The Department of Justice has made some subtle – but important – changes to its largest grant program, the Byrne Justice Assistance Grant (Byrne JAG), through which it provides states and local jurisdictions nearly $300 million for law enforcement activities. These changes improve the program’s transparency and accountability.
Because DOJ plays such a large role in funding, what they ask of recipients – and how DOJ measures their success – has an outsized impact on criminal justice policy. How DOJ tracks Byrne JAG money has been criticized by the Brennan Center and other groups for measuring things that encourage overly harsh criminal justice policies, such as number of arrests, as opposed to drops in crime, a stronger measure of how successful grant recipients are at improving public safety. Using total number of arrests as a measure of performance can give police an incentive to arrest more people for low-level violations, an ineffective and often counterintuitive crime-reduction strategy. In a marked shift, DOJ has now removed “number of arrests” from its list of “accountability measures.”
DOJ has been under pressure from a unique bipartisan coalition that includes groups such as the Brennan Center, American Civil Liberties Union, Pat Nolan’s Prison Ministries, the Justice Policy Institute, the conservative reform group Right on Crime, and law enforcement groups. This coalition wrote to the Justice Department urging reform of Byrne JAG’s performance measures. As Jim Bueermann, president of the Police Foundation, wrote “new performance measures communicate to law enforcement across the country that the targets they should be aiming for are those that reflect two modern criminal justice goals: reducing crime and reducing mass incarceration.” By moving its measurements beyond a focus on arrests, DOJ is moving in this direction.

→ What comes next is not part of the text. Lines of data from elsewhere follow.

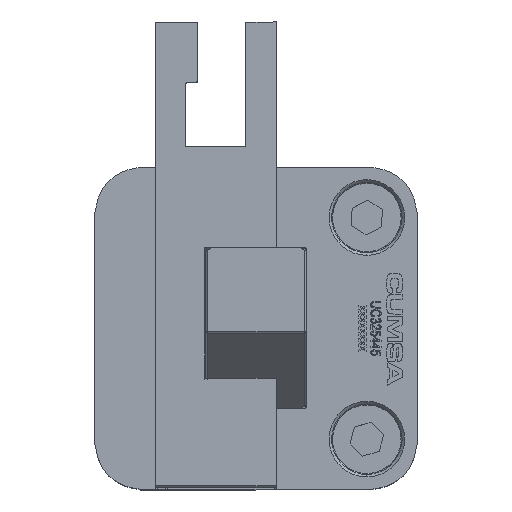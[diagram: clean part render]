
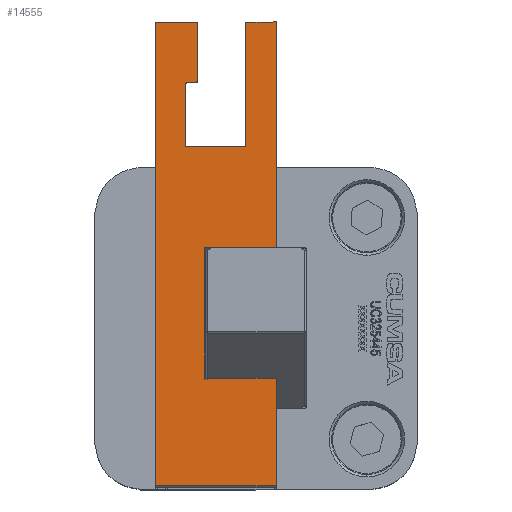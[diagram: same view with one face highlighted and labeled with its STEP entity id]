
A CAD part, top view. The second image highlights one B-rep face of the part: STEP entity #14555.
In plain terms, the highlighted face is planar.
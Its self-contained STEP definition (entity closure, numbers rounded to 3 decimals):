
#286 = CARTESIAN_POINT ( 'NONE',  ( 8., -6., -23.1 ) ) ;
#433 = ORIENTED_EDGE ( 'NONE', *, *, #14097, .F. ) ;
#500 = DIRECTION ( 'NONE',  ( 0., 0., 1. ) ) ;
#545 = EDGE_CURVE ( 'NONE', #22436, #15681, #5638, .T. ) ;
#959 = ORIENTED_EDGE ( 'NONE', *, *, #15339, .T. ) ;
#1376 = LINE ( 'NONE', #24203, #16329 ) ;
#2102 = CARTESIAN_POINT ( 'NONE',  ( 8., 1.8, -17.1 ) ) ;
#2125 = DIRECTION ( 'NONE',  ( 0., 0., 1. ) ) ;
#2303 = DIRECTION ( 'NONE',  ( 0., 0., -1. ) ) ;
#2527 = DIRECTION ( 'NONE',  ( 0., 1., 0. ) ) ;
#2723 = LINE ( 'NONE', #27354, #19519 ) ;
#2757 = CARTESIAN_POINT ( 'NONE',  ( 8., 6., -23.1 ) ) ;
#3046 = DIRECTION ( 'NONE',  ( 0., -1., 0. ) ) ;
#3328 = ORIENTED_EDGE ( 'NONE', *, *, #6562, .T. ) ;
#3451 = CARTESIAN_POINT ( 'NONE',  ( 8., 1.1, 12.233 ) ) ;
#3773 = CARTESIAN_POINT ( 'NONE',  ( 8., 1.1, 12.233 ) ) ;
#3830 = EDGE_CURVE ( 'NONE', #9092, #25786, #13501, .T. ) ;
#3854 = CIRCLE ( 'NONE', #14984, 0.2 ) ;
#4512 = DIRECTION ( 'NONE',  ( 0., 0., 1. ) ) ;
#4948 = EDGE_CURVE ( 'NONE', #7934, #18267, #20711, .T. ) ;
#5062 = DIRECTION ( 'NONE',  ( 0., 0., 1. ) ) ;
#5397 = ORIENTED_EDGE ( 'NONE', *, *, #6734, .T. ) ;
#5638 = LINE ( 'NONE', #10860, #6732 ) ;
#5914 = VECTOR ( 'NONE', #18552, 1000. ) ;
#6290 = EDGE_CURVE ( 'NONE', #7009, #28882, #19889, .T. ) ;
#6314 = VECTOR ( 'NONE', #2527, 1000. ) ;
#6455 = CARTESIAN_POINT ( 'NONE',  ( 8., 3., -10.7 ) ) ;
#6562 = EDGE_CURVE ( 'NONE', #9092, #19714, #13213, .T. ) ;
#6729 = DIRECTION ( 'NONE',  ( 0., 0., -1. ) ) ;
#6732 = VECTOR ( 'NONE', #14128, 1000. ) ;
#6734 = EDGE_CURVE ( 'NONE', #29443, #14643, #19461, .T. ) ;
#6747 = CARTESIAN_POINT ( 'NONE',  ( 8., -2.8, -10.7 ) ) ;
#6796 = AXIS2_PLACEMENT_3D ( 'NONE', #9030, #27657, #2125 ) ;
#6812 = EDGE_CURVE ( 'NONE', #22886, #25786, #14321, .T. ) ;
#6907 = VECTOR ( 'NONE', #9009, 1000. ) ;
#7009 = VERTEX_POINT ( 'NONE', #21788 ) ;
#7545 = LINE ( 'NONE', #3773, #18486 ) ;
#7589 = VERTEX_POINT ( 'NONE', #9136 ) ;
#7617 = DIRECTION ( 'NONE',  ( 0., -1., 0. ) ) ;
#7934 = VERTEX_POINT ( 'NONE', #20252 ) ;
#8033 = CARTESIAN_POINT ( 'NONE',  ( 8., -6., -0.7 ) ) ;
#8113 = ORIENTED_EDGE ( 'NONE', *, *, #23616, .F. ) ;
#8324 = LINE ( 'NONE', #3451, #13058 ) ;
#8420 = ORIENTED_EDGE ( 'NONE', *, *, #10909, .T. ) ;
#8450 = EDGE_CURVE ( 'NONE', #19551, #14643, #1376, .T. ) ;
#8456 = VECTOR ( 'NONE', #23138, 1000. ) ;
#8776 = DIRECTION ( 'NONE',  ( 1., 0., 0. ) ) ;
#8905 = CARTESIAN_POINT ( 'NONE',  ( 8., -6., 23.1 ) ) ;
#9009 = DIRECTION ( 'NONE',  ( 0., 1., 0. ) ) ;
#9030 = CARTESIAN_POINT ( 'NONE',  ( 8., 2.8, -10.9 ) ) ;
#9074 = CARTESIAN_POINT ( 'NONE',  ( 8., -6., 23.1 ) ) ;
#9092 = VERTEX_POINT ( 'NONE', #23779 ) ;
#9136 = CARTESIAN_POINT ( 'NONE',  ( 8., -6., 22.9 ) ) ;
#9466 = ORIENTED_EDGE ( 'NONE', *, *, #6290, .T. ) ;
#9866 = CARTESIAN_POINT ( 'NONE',  ( 8., 1.1, -0.7 ) ) ;
#9941 = LINE ( 'NONE', #13747, #8456 ) ;
#10171 = LINE ( 'NONE', #2102, #6907 ) ;
#10714 = VECTOR ( 'NONE', #7617, 1000. ) ;
#10860 = CARTESIAN_POINT ( 'NONE',  ( 8., -6., -23.1 ) ) ;
#10909 = EDGE_CURVE ( 'NONE', #19551, #7589, #22147, .T. ) ;
#10980 = CARTESIAN_POINT ( 'NONE',  ( 8., -6., 22.9 ) ) ;
#11018 = AXIS2_PLACEMENT_3D ( 'NONE', #9074, #18461, #4512 ) ;
#11632 = LINE ( 'NONE', #8905, #21547 ) ;
#11977 = CARTESIAN_POINT ( 'NONE',  ( 8., -2.8, -10.9 ) ) ;
#12663 = FACE_OUTER_BOUND ( 'NONE', #19264, .T. ) ;
#12945 = EDGE_CURVE ( 'NONE', #16518, #19714, #27028, .T. ) ;
#13058 = VECTOR ( 'NONE', #3046, 1000. ) ;
#13213 = CIRCLE ( 'NONE', #6796, 0.2 ) ;
#13376 = ORIENTED_EDGE ( 'NONE', *, *, #545, .T. ) ;
#13453 = CARTESIAN_POINT ( 'NONE',  ( 8., 2., -17.3 ) ) ;
#13501 = LINE ( 'NONE', #6455, #29532 ) ;
#13747 = CARTESIAN_POINT ( 'NONE',  ( 8., 1.8, -23.1 ) ) ;
#13996 = CARTESIAN_POINT ( 'NONE',  ( 8., -3., -23.1 ) ) ;
#14064 = ORIENTED_EDGE ( 'NONE', *, *, #26761, .F. ) ;
#14097 = EDGE_CURVE ( 'NONE', #7934, #14796, #10171, .T. ) ;
#14128 = DIRECTION ( 'NONE',  ( 0., 1., 0. ) ) ;
#14321 = CIRCLE ( 'NONE', #25133, 0.2 ) ;
#14555 = ADVANCED_FACE ( 'NONE', ( #12663 ), #16536, .F. ) ;
#14643 = VERTEX_POINT ( 'NONE', #2757 ) ;
#14796 = VERTEX_POINT ( 'NONE', #20092 ) ;
#14984 = AXIS2_PLACEMENT_3D ( 'NONE', #26145, #28678, #500 ) ;
#15254 = ORIENTED_EDGE ( 'NONE', *, *, #3830, .F. ) ;
#15278 = ORIENTED_EDGE ( 'NONE', *, *, #20967, .T. ) ;
#15286 = DIRECTION ( 'NONE',  ( 0., -1., 0. ) ) ;
#15339 = EDGE_CURVE ( 'NONE', #16518, #14796, #3854, .T. ) ;
#15681 = VERTEX_POINT ( 'NONE', #13996 ) ;
#16329 = VECTOR ( 'NONE', #28467, 1000. ) ;
#16518 = VERTEX_POINT ( 'NONE', #18413 ) ;
#16536 = PLANE ( 'NONE',  #11018 ) ;
#16917 = ORIENTED_EDGE ( 'NONE', *, *, #18387, .F. ) ;
#17004 = CARTESIAN_POINT ( 'NONE',  ( 8., -3., -10.9 ) ) ;
#17400 = VECTOR ( 'NONE', #15286, 1000. ) ;
#17972 = DIRECTION ( 'NONE',  ( 0., -1., 0. ) ) ;
#18267 = VERTEX_POINT ( 'NONE', #28402 ) ;
#18269 = DIRECTION ( 'NONE',  ( 0., 0., 1. ) ) ;
#18387 = EDGE_CURVE ( 'NONE', #21269, #21015, #8324, .T. ) ;
#18413 = CARTESIAN_POINT ( 'NONE',  ( 8., 3., -16.9 ) ) ;
#18457 = ORIENTED_EDGE ( 'NONE', *, *, #29793, .T. ) ;
#18461 = DIRECTION ( 'NONE',  ( -1., 0., 0. ) ) ;
#18486 = VECTOR ( 'NONE', #22418, 1000. ) ;
#18552 = DIRECTION ( 'NONE',  ( 0., 0., 1. ) ) ;
#18557 = ORIENTED_EDGE ( 'NONE', *, *, #4948, .T. ) ;
#18638 = AXIS2_PLACEMENT_3D ( 'NONE', #13453, #8776, #18269 ) ;
#19040 = DIRECTION ( 'NONE',  ( -1., 0., 0. ) ) ;
#19074 = CARTESIAN_POINT ( 'NONE',  ( 8., 6., 22.9 ) ) ;
#19264 = EDGE_LOOP ( 'NONE', ( #29741, #8420, #18457, #16917, #14064, #9466, #15278, #13376, #26861, #29402, #15254, #3328, #28356, #959, #433, #18557, #8113, #5397 ) ) ;
#19461 = LINE ( 'NONE', #286, #6314 ) ;
#19519 = VECTOR ( 'NONE', #29384, 1000. ) ;
#19551 = VERTEX_POINT ( 'NONE', #19074 ) ;
#19714 = VERTEX_POINT ( 'NONE', #28407 ) ;
#19889 = LINE ( 'NONE', #9866, #10714 ) ;
#20092 = CARTESIAN_POINT ( 'NONE',  ( 8., 2.8, -17.1 ) ) ;
#20252 = CARTESIAN_POINT ( 'NONE',  ( 8., 2., -17.1 ) ) ;
#20711 = CIRCLE ( 'NONE', #18638, 0.2 ) ;
#20967 = EDGE_CURVE ( 'NONE', #28882, #22436, #11632, .T. ) ;
#21015 = VERTEX_POINT ( 'NONE', #28151 ) ;
#21077 = VECTOR ( 'NONE', #6729, 1000. ) ;
#21269 = VERTEX_POINT ( 'NONE', #22766 ) ;
#21279 = CARTESIAN_POINT ( 'NONE',  ( 8., -6., -23.1 ) ) ;
#21547 = VECTOR ( 'NONE', #2303, 1000. ) ;
#21734 = EDGE_CURVE ( 'NONE', #22886, #15681, #29059, .T. ) ;
#21788 = CARTESIAN_POINT ( 'NONE',  ( 8., 1.1, -0.7 ) ) ;
#22147 = LINE ( 'NONE', #10980, #17400 ) ;
#22418 = DIRECTION ( 'NONE',  ( 0., 0., 1. ) ) ;
#22436 = VERTEX_POINT ( 'NONE', #21279 ) ;
#22766 = CARTESIAN_POINT ( 'NONE',  ( 8., 1.1, 12.233 ) ) ;
#22886 = VERTEX_POINT ( 'NONE', #17004 ) ;
#22939 = CARTESIAN_POINT ( 'NONE',  ( 8., 3., -17.1 ) ) ;
#23138 = DIRECTION ( 'NONE',  ( 0., 0., 1. ) ) ;
#23616 = EDGE_CURVE ( 'NONE', #29443, #18267, #9941, .T. ) ;
#23779 = CARTESIAN_POINT ( 'NONE',  ( 8., 2.8, -10.7 ) ) ;
#24203 = CARTESIAN_POINT ( 'NONE',  ( 8., 6., 23.1 ) ) ;
#25133 = AXIS2_PLACEMENT_3D ( 'NONE', #11977, #19040, #5062 ) ;
#25786 = VERTEX_POINT ( 'NONE', #6747 ) ;
#26145 = CARTESIAN_POINT ( 'NONE',  ( 8., 2.8, -16.9 ) ) ;
#26761 = EDGE_CURVE ( 'NONE', #7009, #21269, #7545, .T. ) ;
#26861 = ORIENTED_EDGE ( 'NONE', *, *, #21734, .F. ) ;
#27028 = LINE ( 'NONE', #22939, #5914 ) ;
#27318 = CARTESIAN_POINT ( 'NONE',  ( 8., 1.8, -23.1 ) ) ;
#27354 = CARTESIAN_POINT ( 'NONE',  ( 8., -6., 23.1 ) ) ;
#27657 = DIRECTION ( 'NONE',  ( -1., 0., 0. ) ) ;
#28151 = CARTESIAN_POINT ( 'NONE',  ( 8., -6., 12.233 ) ) ;
#28356 = ORIENTED_EDGE ( 'NONE', *, *, #12945, .F. ) ;
#28402 = CARTESIAN_POINT ( 'NONE',  ( 8., 1.8, -17.3 ) ) ;
#28407 = CARTESIAN_POINT ( 'NONE',  ( 8., 3., -10.9 ) ) ;
#28467 = DIRECTION ( 'NONE',  ( 0., 0., -1. ) ) ;
#28678 = DIRECTION ( 'NONE',  ( -1., 0., 0. ) ) ;
#28882 = VERTEX_POINT ( 'NONE', #8033 ) ;
#29059 = LINE ( 'NONE', #30022, #21077 ) ;
#29384 = DIRECTION ( 'NONE',  ( 0., 0., -1. ) ) ;
#29402 = ORIENTED_EDGE ( 'NONE', *, *, #6812, .T. ) ;
#29443 = VERTEX_POINT ( 'NONE', #27318 ) ;
#29532 = VECTOR ( 'NONE', #17972, 1000. ) ;
#29741 = ORIENTED_EDGE ( 'NONE', *, *, #8450, .F. ) ;
#29793 = EDGE_CURVE ( 'NONE', #7589, #21015, #2723, .T. ) ;
#30022 = CARTESIAN_POINT ( 'NONE',  ( 8., -3., -10.7 ) ) ;

In a related move, the Bureau of Justice Assistance, which administers the Byrne JAG program, has published a map breaking down how much money it awards, what recipients use it for. For example, users can learn that in Baytown, Texas, DOJ is spending $21,000 for a “Directed Overtime for Neighborhood Patrols and Firearms Training Project.” Such transparency is important because it allows law enforcement entities to ascertain DOJ’s funding priorities and to learn what similarly situated cities and counties are doing with their Byrne JAG funds. Byrne JAG recipients have noted in the past that this kind of tool would improve how they think about their own funding dollars.
While these are all steps in the right direction, there is more to be done. “Is a new questionnaire going to “fix” over-policing of minor crimes and over-incarceration of non-violent offenders? No. But changing incentives is a first step in changing culture,” The Atlantic noted. It is imperative that the Justice Department continue to pave the way for reform by improving other performance measures. For example, it can evaluate recipients on whether they screened those they arrested for drug or alcohol abuse or whether they spend Byrne JAG funds to improve police relations with the community. DOJ could ask what the law enforcement entity’s crime prevention strategy is or whether activities funded by Byrne JAG have improved how safe people feel visiting public spaces in specific jurisdictions. Tying funding as closely as possible to these types of goals will provide incentives for improving the safety of communities.
Because JAG funds travel throughout the country and touch so many criminal justice agencies and programs, they provide a unique pressure point for change to help the justice system better drive toward reducing crime and mass incarceration. This type of “Success-Oriented Funding” approach, which the Brennan Center has advocated be adopted more broadly, properly aligns incentives with desired policy outcomes.